Task
Please output the records below in full, exactly as given, but without the images.

*** Opening Data excerpts ***

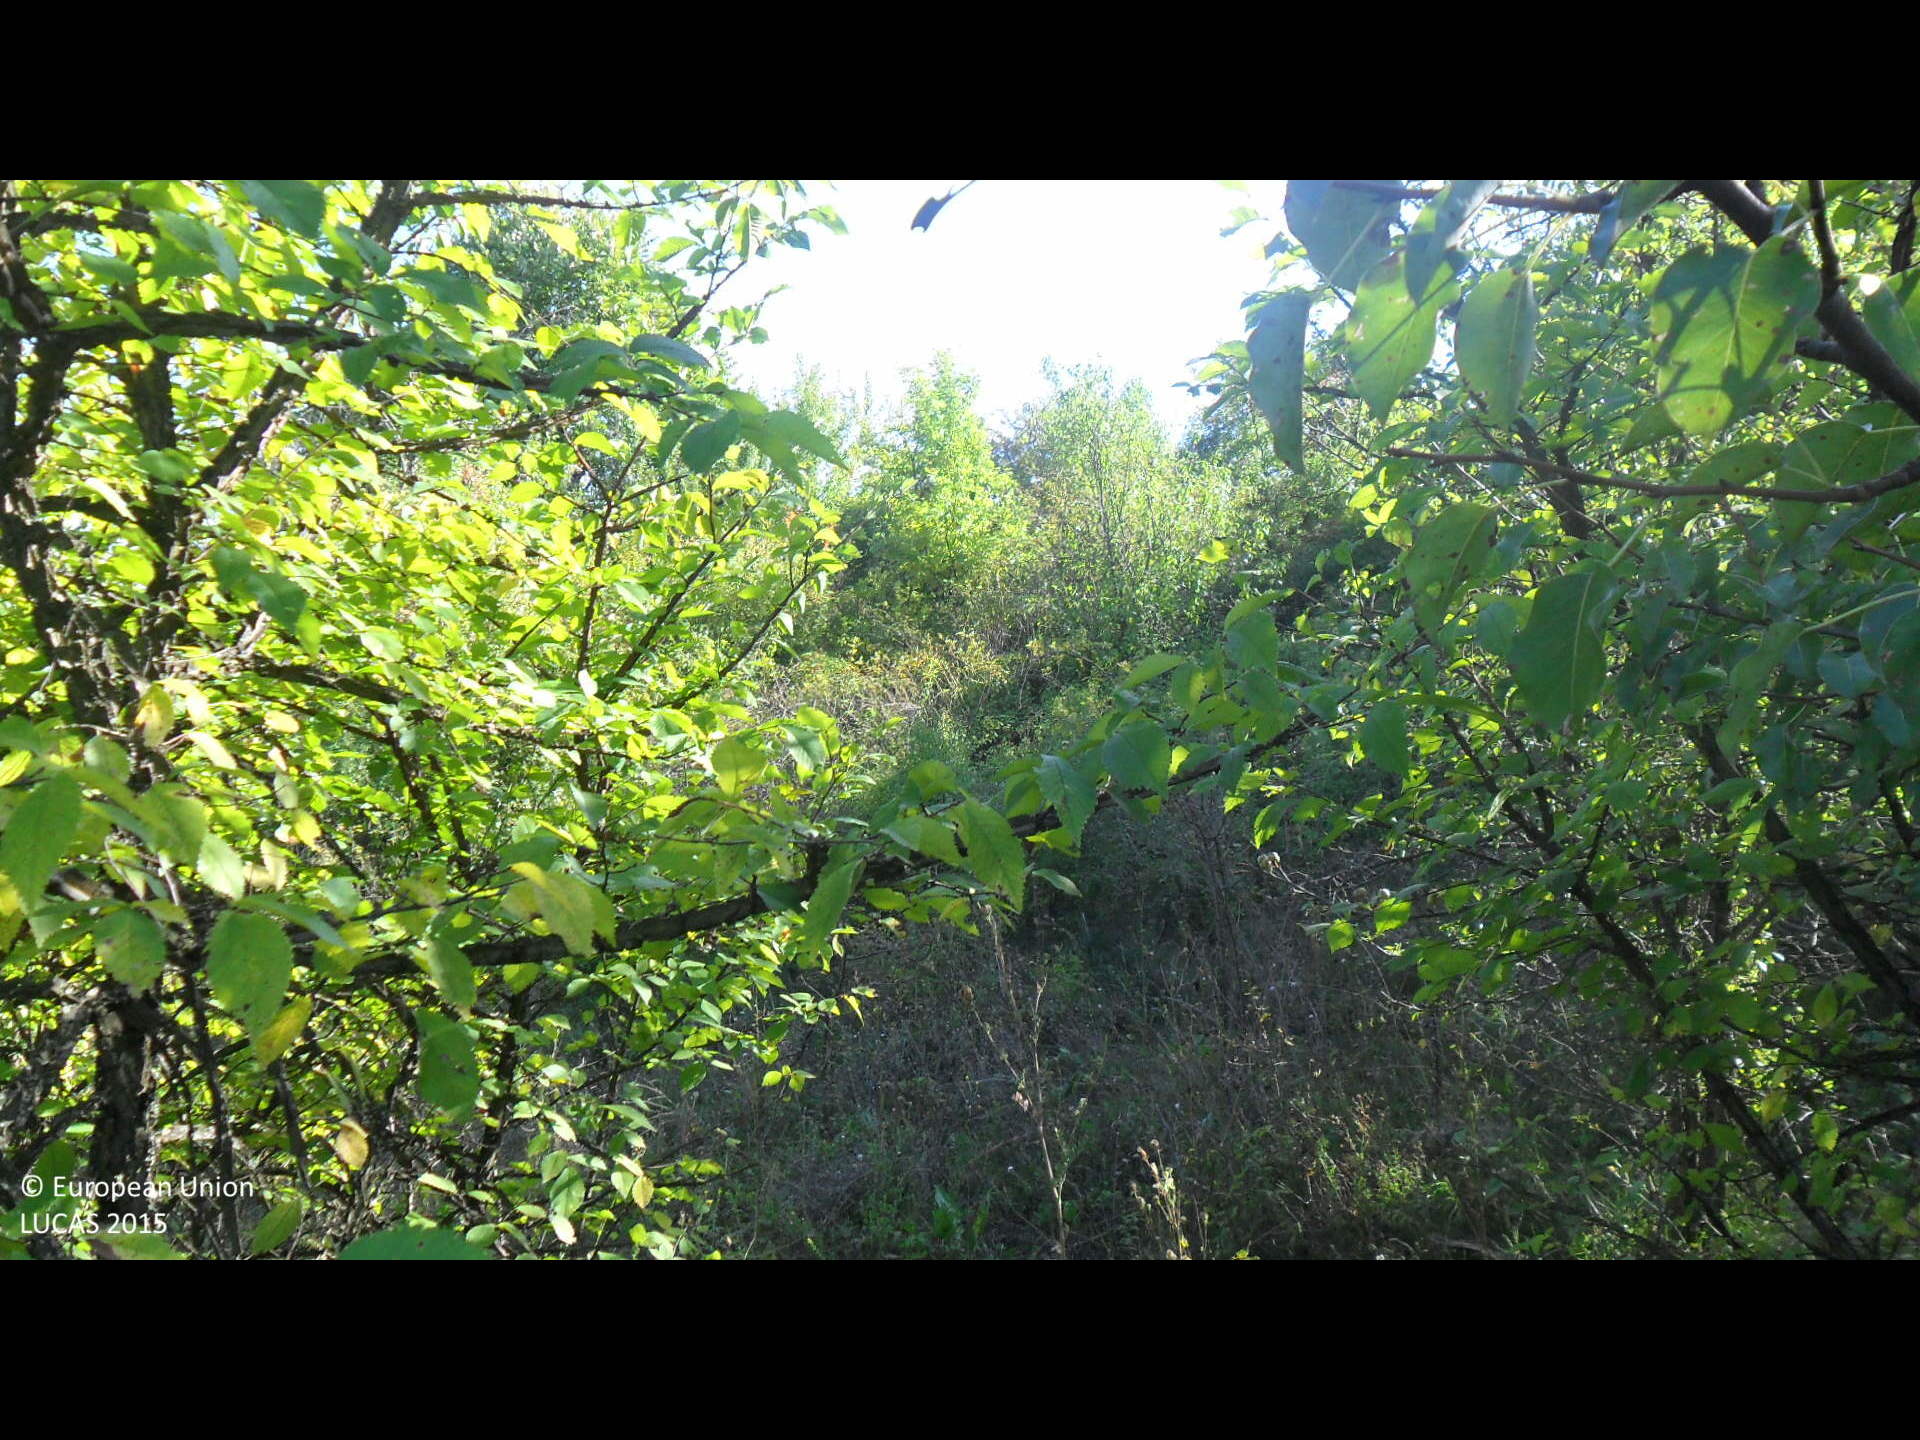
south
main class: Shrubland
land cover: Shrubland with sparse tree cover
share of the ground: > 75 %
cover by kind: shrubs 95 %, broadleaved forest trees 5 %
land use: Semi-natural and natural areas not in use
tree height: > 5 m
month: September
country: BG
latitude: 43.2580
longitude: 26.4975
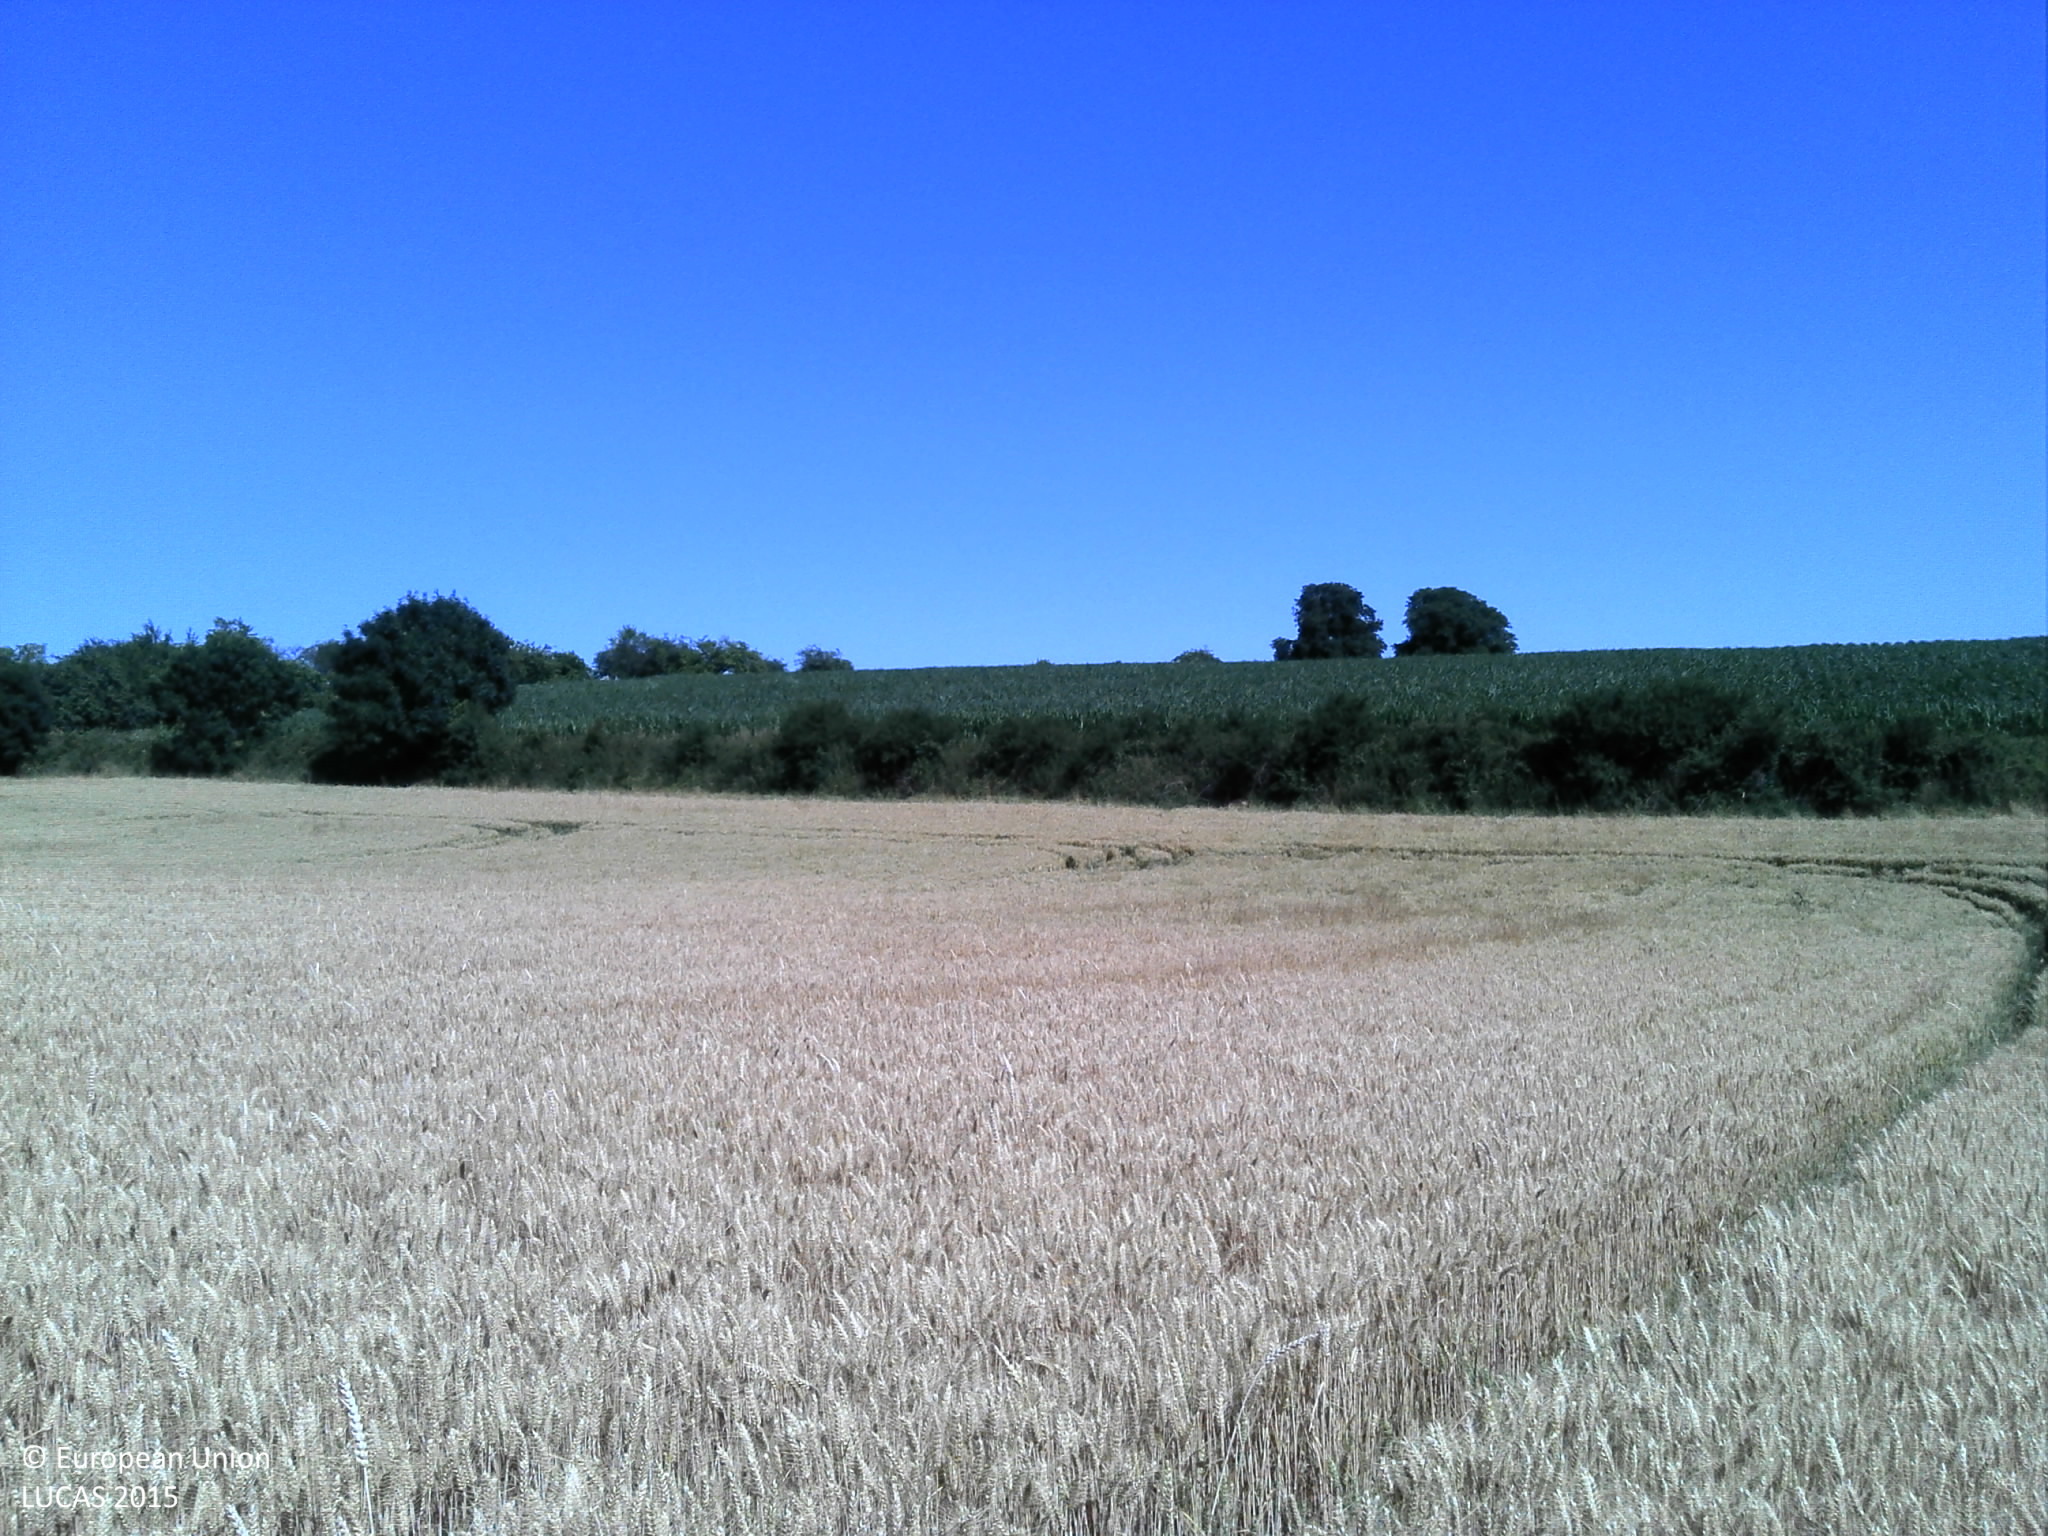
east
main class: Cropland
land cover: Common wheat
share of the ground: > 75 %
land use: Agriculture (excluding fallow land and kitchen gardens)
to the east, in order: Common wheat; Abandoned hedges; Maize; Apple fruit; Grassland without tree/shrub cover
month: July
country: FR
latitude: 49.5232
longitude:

*** Closing Data excerpts ***

Solution
south
main class: Shrubland
land cover: Shrubland with sparse tree cover
share of the ground: > 75 %
cover by kind: shrubs 95 %, broadleaved forest trees 5 %
land use: Semi-natural and natural areas not in use
tree height: > 5 m
month: September
country: BG
latitude: 43.2580
longitude: 26.4975
east
main class: Cropland
land cover: Common wheat
share of the ground: > 75 %
land use: Agriculture (excluding fallow land and kitchen gardens)
to the east, in order: Common wheat; Abandoned hedges; Maize; Apple fruit; Grassland without tree/shrub cover
month: July
country: FR
latitude: 49.5232
longitude:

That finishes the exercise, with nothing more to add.